Rendering is a single collapsible disclosure block, designed to live in the cell’s stored outputs so it persists across notebook saves. Because we return HTML via _repr_html_, the Jupyter save flow handles persistence for us — the same mechanism that already caches the markdown answer.


source

Trace


def Trace(
    
):

Records the immediate loop (prompt, model turns, tool calls). Renders as a collapsible HTML block.

The tool-call loop

run_completion drives a Provider until it produces a final answer. The provider returns one parsed Turn per call; if that turn has tool calls, we append the assistant message (with its tool_calls) and one role: "tool" message per dispatched result, then call the provider again. max_tool_steps bounds the loop in case the model gets stuck in a tool-calling loop.
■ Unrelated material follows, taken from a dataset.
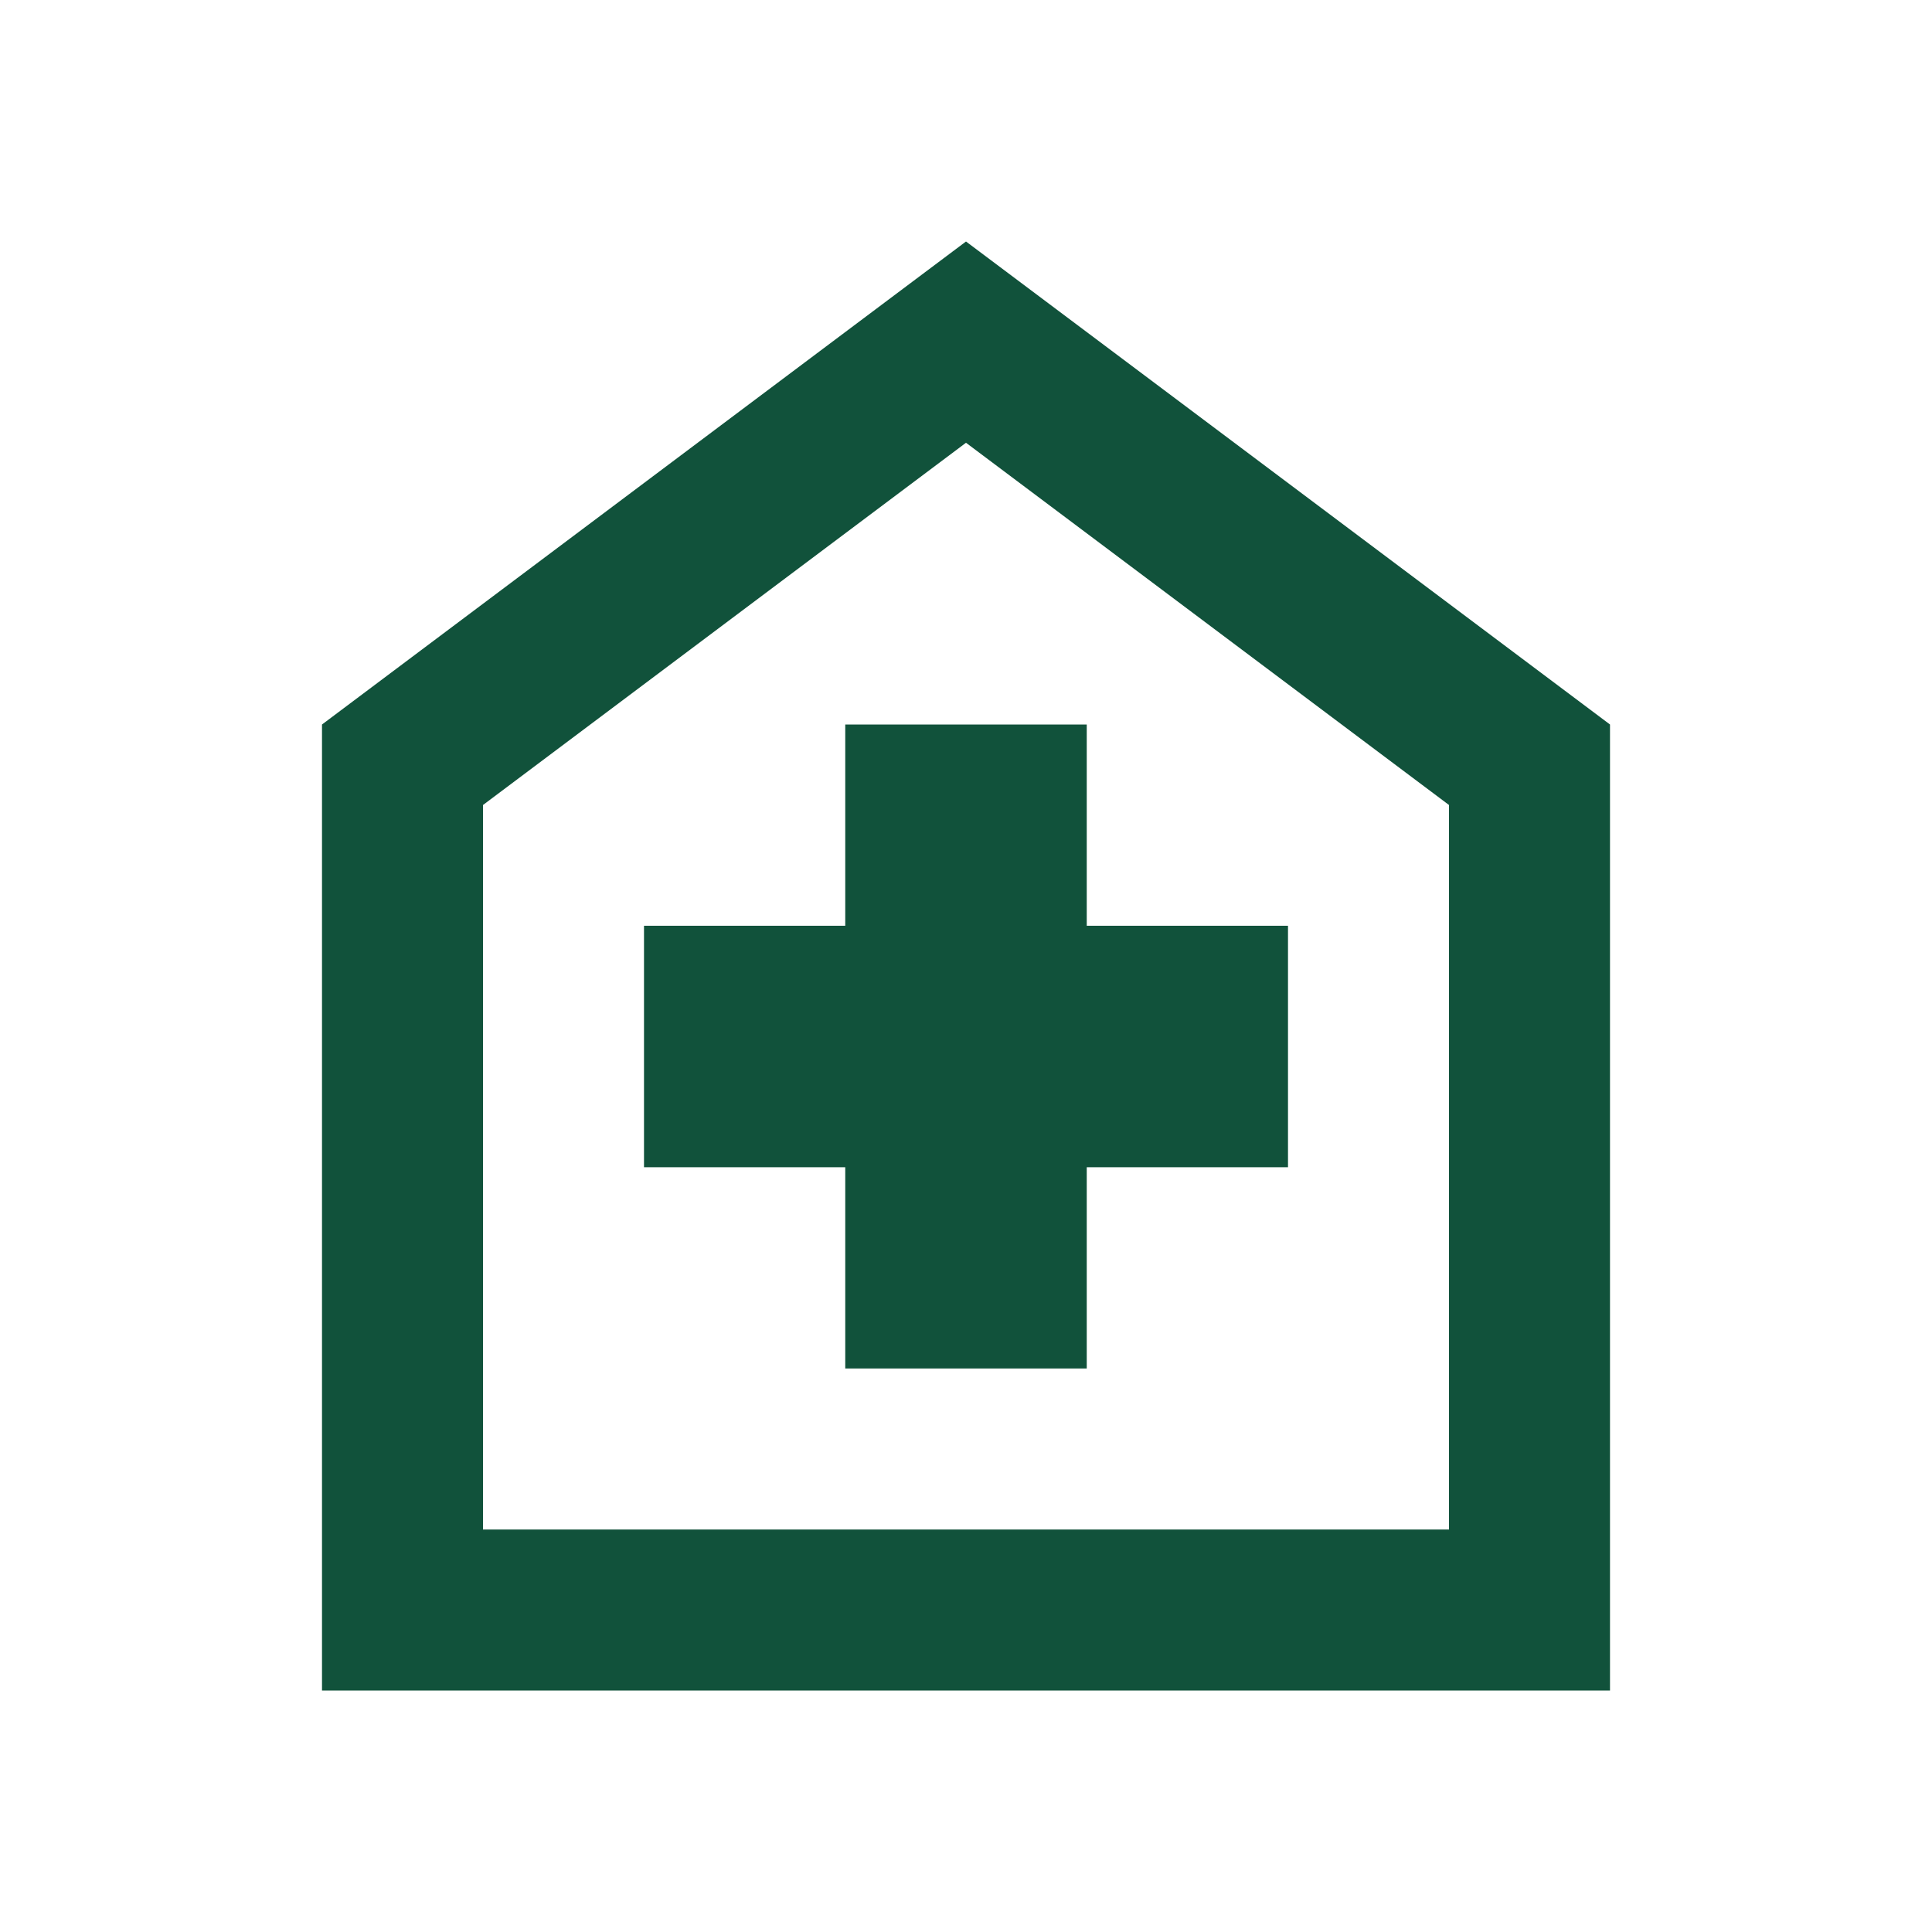 <svg id="SvgjsSvg1050" width="288" height="288" xmlns="http://www.w3.org/2000/svg" version="1.1" xmlns:xlink="http://www.w3.org/1999/xlink" xmlns:svgjs="http://svgjs.com/svgjs"><defs id="SvgjsDefs1051"></defs><g id="SvgjsG1052"><svg xmlns="http://www.w3.org/2000/svg" xmlns:svgjs="http://svgjs.com/svgjs" xmlns:xlink="http://www.w3.org/1999/xlink" viewBox="0 0 288 288" width="288" height="288"><svg xmlns="http://www.w3.org/2000/svg" viewBox="0 -960 960 960" width="288" height="288"><path fill="#11523b" d="M420-280h120v-100h100v-120H540v-100H420v100H320v120h100v100ZM160-120v-480l320-240 320 240v480H160Zm80-80h480v-360L480-740 240-560v360Zm240-270Z" class="color000 svgShape color4fcfa2"></path></svg></svg></g></svg>

Pulled out of any individual provider because the loop is vendor-agnostic — every chat-completion provider that supports tools repeats the same dance. Keeping it here means a new provider only translates one round-trip; it doesn’t re-implement dispatch.


source

run_completion


def run_completion(
    provider:Provider, messages:list, tools:list=None, trace:Trace=None, max_tool_steps:int=8
)->Turn:

Drive provider in a tool-call loop and return the final answering Turn.

The %%prompt magic

When the user runs a %%prompt cell we parse the magic line, read this cell’s id from parent_header.metadata.cellId, and either replay the cached output (if one exists and --force wasn’t passed) or build the message list from the notebook so far and call the model. The cache lives in the .ipynb itself — outputs persist through Jupyter’s normal save flow, which is the whole point.

_parse_prompt_args("-f --trace")
Namespace(force=True, trace=True)

source

prompt


def prompt(
    line, cell
):

Send the notebook-so-far to the LLM and render its reply as markdown.